Generally, each software component described herein can be assumed to be operated by a computational device (e.g., such as an electronic device including at least a memory and/or a processor, and/or the like).
EMG signals generated by the electrodes can then be processed by a signal processing abstraction layer 104 that can prepare the EMG signals for further analysis. Signal processing abstraction layer 104 can be implemented by a computational device (not shown). In some implementations, signal processing abstraction layer 104 can reduce or remove noise from the EMG signals, and/or can perform normalization and/or other processing in the EMG signals to increase the efficiency of EMG signal analysis. The processed EMG signals are also referred to herein as “EMG signal information.”

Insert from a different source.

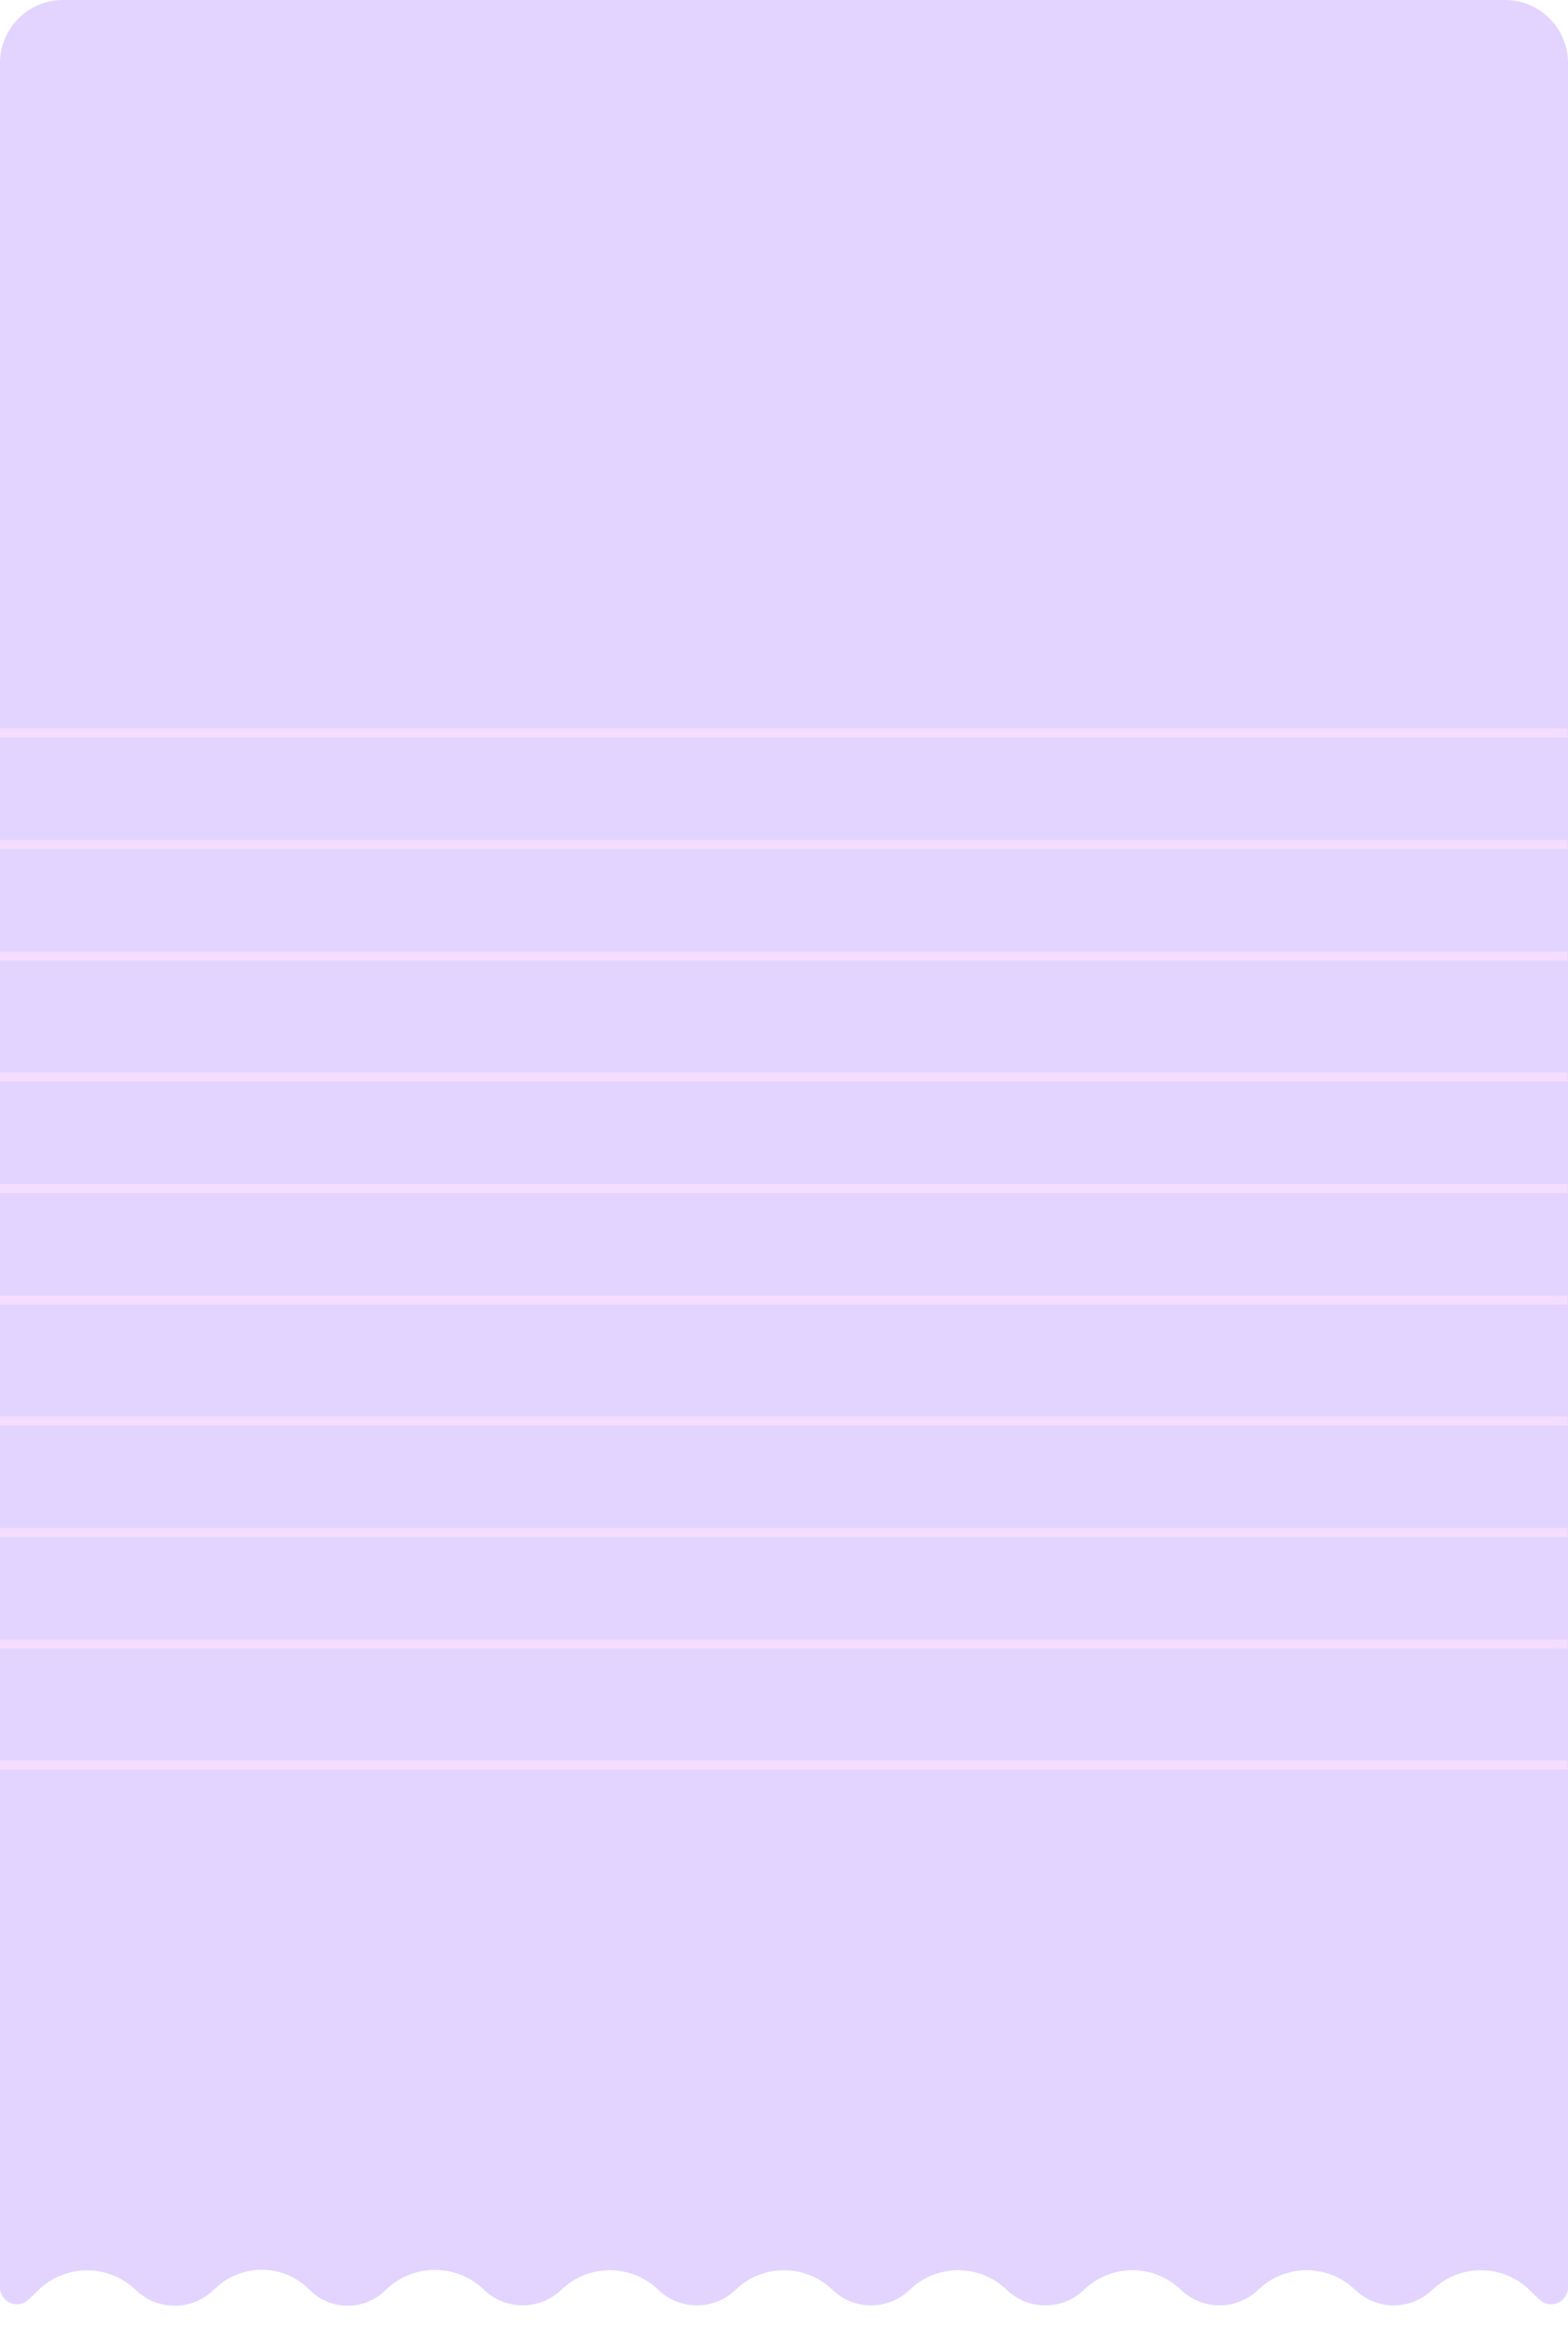 <?xml version="1.0" encoding="UTF-8"?> <svg xmlns="http://www.w3.org/2000/svg" width="379" height="562" viewBox="0 0 379 562" fill="none"> <path d="M9.294 553.047L6.908 555.345C4.318 557.841 0 556.005 0 552.408L0 15.21C0 6.81 6.81 0 15.21 0L363.79 0C372.19 0 379 6.81 379 15.21L379 552.406C379 556.004 374.682 557.84 372.091 555.344L369.642 552.985C363.112 546.695 352.777 546.695 346.247 552.985C341.023 558.017 332.755 558.017 327.531 552.985C321.001 546.695 310.666 546.695 304.136 552.985C298.912 558.017 290.644 558.017 285.42 552.985C278.89 546.695 268.554 546.695 262.025 552.985C256.801 558.017 248.532 558.017 243.309 552.985C236.779 546.695 226.443 546.695 219.914 552.985C214.69 558.017 206.421 558.017 201.198 552.985C194.668 546.695 184.332 546.695 177.802 552.985C172.579 558.017 164.31 558.017 159.086 552.985C152.557 546.695 142.221 546.695 135.691 552.985C130.467 558.017 122.171 557.99 116.947 552.957C110.43 546.68 100.1 546.582 93.507 552.779L92.922 553.329C87.791 558.151 79.75 557.998 74.806 552.985C68.626 546.718 58.574 546.527 52.161 552.555L51.515 553.162C46.247 558.113 38.023 558.062 32.817 553.047C26.252 546.722 15.86 546.722 9.294 553.047Z" fill="#E2D4FF"></path> <line y1="230.913" x2="378.906" y2="230.913" stroke="#F4DDFF" stroke-width="2.206"></line> <line y1="397.06" x2="378.906" y2="397.06" stroke="#F4DDFF" stroke-width="2.206"></line> <line y1="313.987" x2="378.906" y2="313.987" stroke="#F4DDFF" stroke-width="2.206"></line> <line y1="260.101" x2="378.906" y2="260.101" stroke="#F4DDFF" stroke-width="2.206"></line> <line y1="426.248" x2="378.906" y2="426.248" stroke="#F4DDFF" stroke-width="2.206"></line> <line y1="177.028" x2="378.906" y2="177.028" stroke="#F4DDFF" stroke-width="2.206"></line> <line y1="343.175" x2="378.906" y2="343.174" stroke="#F4DDFF" stroke-width="2.206"></line> <line y1="287.044" x2="378.906" y2="287.044" stroke="#F4DDFF" stroke-width="2.206"></line> <line y1="203.971" x2="378.906" y2="203.971" stroke="#F4DDFF" stroke-width="2.206"></line> <line y1="370.117" x2="378.906" y2="370.117" stroke="#F4DDFF" stroke-width="2.206"></line> </svg>

The processed EMG signals can then be classified by a classifier 108, e.g., according to the underlying muscle activity. In a non-limiting example, the underlying muscle activity can correspond to different facial expressions being made by the user. Other non-limiting examples of classification for the underlying muscle activity can include determining a range of capabilities for the underlying muscles of a user, where capabilities may not correspond to actual expressions being made at a time by the user. Determination of such a range may be used, for example, to determine whether a user is within a normal range of muscle capabilities or whether the user has a deficit in one or more muscle capabilities.
As a non-limiting example, a user can have a medical condition, such as a stroke or other type of brain injury. After a brain injury, the user may not be capable of a full range of facial expressions, and/or may not be capable of fully executing a facial expression. As non-limiting example, after having a stroke in which one hemisphere of the brain experiences more damage, the user may have a lopsided or crooked smile. Classifier 108 can use the processed EMG signals to determine that the user's smile is abnormal, and to further determine the nature of the abnormality (i.e., that the user is performing a lopsided smile) so as to classify the EMG signals even when the user is not performing a muscle activity in an expected manner.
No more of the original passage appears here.